Ce livre précieux est à la fois une analyse et un plaidoyer. En prenant comme angle d'attaque les migrants et comme interlocutrices une bénévole d'association (Jane) et une réalisatrice de documentaires (Hind), dans un court mais très dense ouvrage au style poétique autant qu'enlevé, il affronte les principaux thèmes de la mondialisation néo-libérale, requalifiée de « barbarie » – côté analyse – et prône une réinvention inclusive, hospitalière, ouverte, solidaire et vitaliste de la politique des Nations désuètes, frileuses et apeurées – côté plaidoyer. Pour cela, il convoque et cite certains concepts-clefs d’Édouard Glissant, qui ont la particularité de former par assonance des couples d'opposés avec mots bateau propres à ladite barbarie : mondialisation vs. mondialité, relationnel vs. Relation, et quelques autres partagés avec des spécialistes (Michel Agier), des philosophes (Deleuze, Morin) et des écrivains (Pasolini, et alii [cit. in extenso, p. 128]).
Le concept de Relation de Glissant, le plus propre à s'adapter au contexte migratoire, est donc particulièrement développé. Cependant le côté plaidoyer de l'ouvrage auquel il s'applique, semble plus « poétique » et plus utopique, voire plus irréaliste que l'analyse : l'indiquent entre autres choses l'intitulé du chapitre « Le Droit aux poétiques » - (alors que certains spécialistes reconnaissent le surgissement timide d'un véritable et juridique droit international relatif aux migrations, cf. Claire Rodier) – et le très réussi ch. conclusif, « Déclaration des poètes », qui, en 16 articles, sonne comme un texte de loi édicté par « les poètes », dans un vocabulaire imagé et métaphorique qui leur est propre. Nécessairement, pourra-t-on rétorquer, du fait qu'il requiert la mobilisation d'un changement d'imaginaire politique. Forcément, puisque les auteurs convoqués, et Glissant le premiers, sont d'abord des poètes... Évidemment, vu que Chamoiseau l'est aussi.
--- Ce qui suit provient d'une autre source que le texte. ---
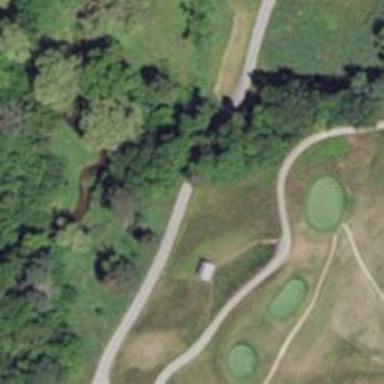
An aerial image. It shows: Path designated for golf carts.
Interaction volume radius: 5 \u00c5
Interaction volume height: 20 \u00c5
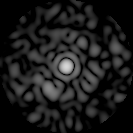
Disorder parameter: 0.8529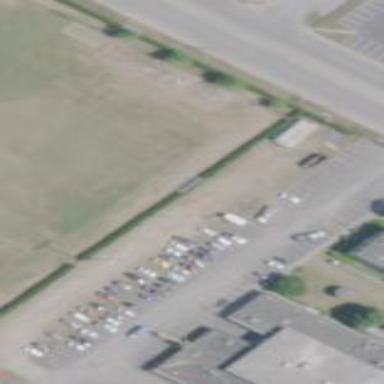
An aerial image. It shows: Parking area.
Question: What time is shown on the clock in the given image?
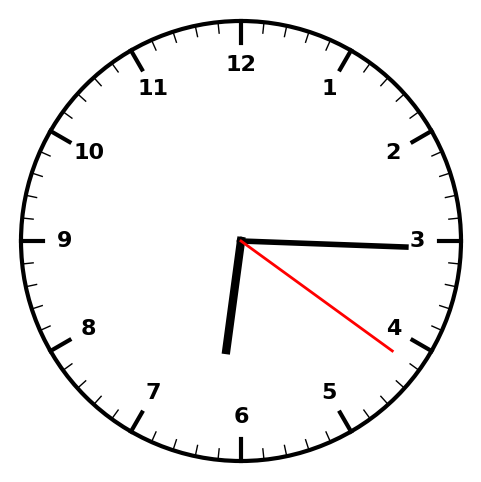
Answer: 06:15:21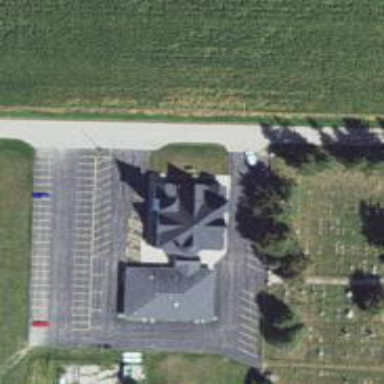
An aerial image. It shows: Place of worship.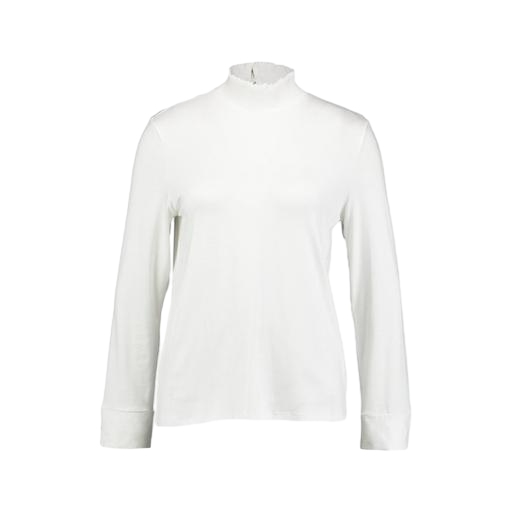
white plus size mock-neck top only macy, white polo-neck top, high-neck top, white background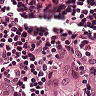
Metastatic tissue present: yes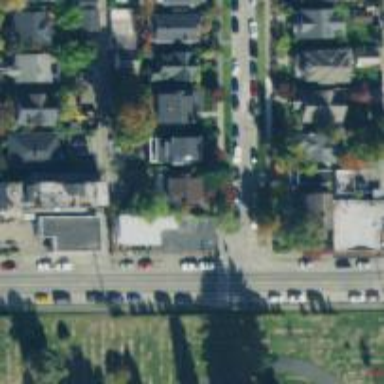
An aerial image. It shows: Residential road with separate sidewalk.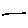
Label: line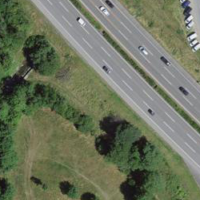
EUNIS habitat code: 57
Species observed at this site:
Primula veris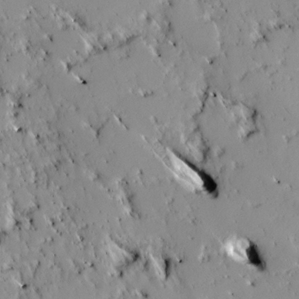
Label: non_frost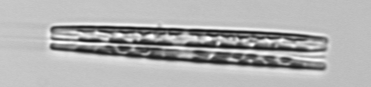
Label: Thalassionema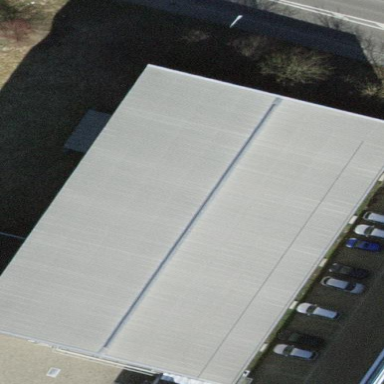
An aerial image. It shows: Industrial building.
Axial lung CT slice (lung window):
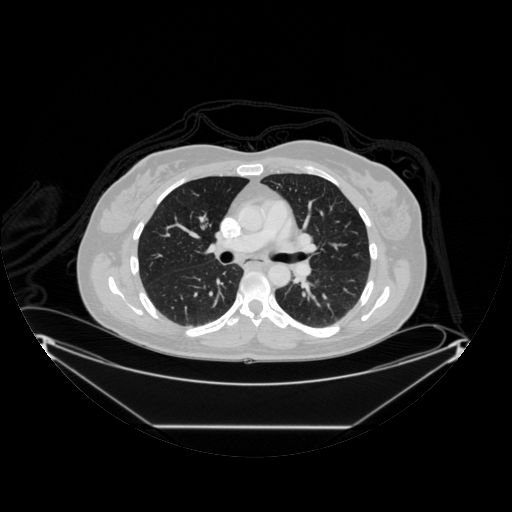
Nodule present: no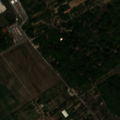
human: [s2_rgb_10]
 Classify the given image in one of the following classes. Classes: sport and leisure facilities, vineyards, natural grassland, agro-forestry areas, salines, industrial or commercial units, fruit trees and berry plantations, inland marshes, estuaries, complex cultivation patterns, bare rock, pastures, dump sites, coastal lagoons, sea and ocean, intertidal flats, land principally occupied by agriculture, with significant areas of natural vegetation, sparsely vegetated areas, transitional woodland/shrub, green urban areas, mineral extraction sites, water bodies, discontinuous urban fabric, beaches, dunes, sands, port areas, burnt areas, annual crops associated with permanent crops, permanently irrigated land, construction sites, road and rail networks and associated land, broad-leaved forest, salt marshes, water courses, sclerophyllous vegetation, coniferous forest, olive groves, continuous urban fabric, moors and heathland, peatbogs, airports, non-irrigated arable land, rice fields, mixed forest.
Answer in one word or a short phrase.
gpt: discontinuous urban fabric, road and rail networks and associated land, non-irrigated arable land, fruit trees and berry plantations, land principally occupied by agriculture, with significant areas of natural vegetation, broad-leaved forest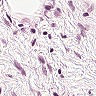
Metastatic tissue present: no

Pourtant, aurions-nous oublié comment le poète devient intellectuel engagé, lorsque sa conscience le lui impose, et quels sont les horizons actuels de l'engagement ? Pourrions-nous, peut-être par méfiance envers certaines méprises de la génération précédente d'intellectuels engagés, refuser, avec leur appellation, leur fonction sociale tout entière, et faire comme si la haute responsabilité morale de dénonciation politique qui leur incombe fût dorénavant déléguée aux « poètes » et à leurs « poétiques »... ?
Cit. :
« Quand l'Humain n'est plus identifiable par l'humain, la barbarie est là. Pas une tribu, pas une nation, pas une culture ou civilisation qui n'ait en quelque heure essaimé sous le désir ou la contrainte. Qui n'ait en quelque moment de ses histoires vu une partie d'elle polliniser le monde. Ou qui n'ait accueilli ou n'ait été forcée de recevoir ce qui provenait d'un bout quelconque du monde, puisant au monde autant que se donnant au monde, s'érigeant en source en asile et refuge, ou réclamant et asile et refuge.
Pas une.
[…]
Dès lors, l'homme campé sur son seuil qui ne reconnaît pas l'homme qui vient, qui s'en inquiète seulement, qui en a peur sans pouvoir s'enrichir de cette peur, et qui voudrait le faire mourir ou le faire disparaître, est déjà mort à lui-même. » (pp. 43-44)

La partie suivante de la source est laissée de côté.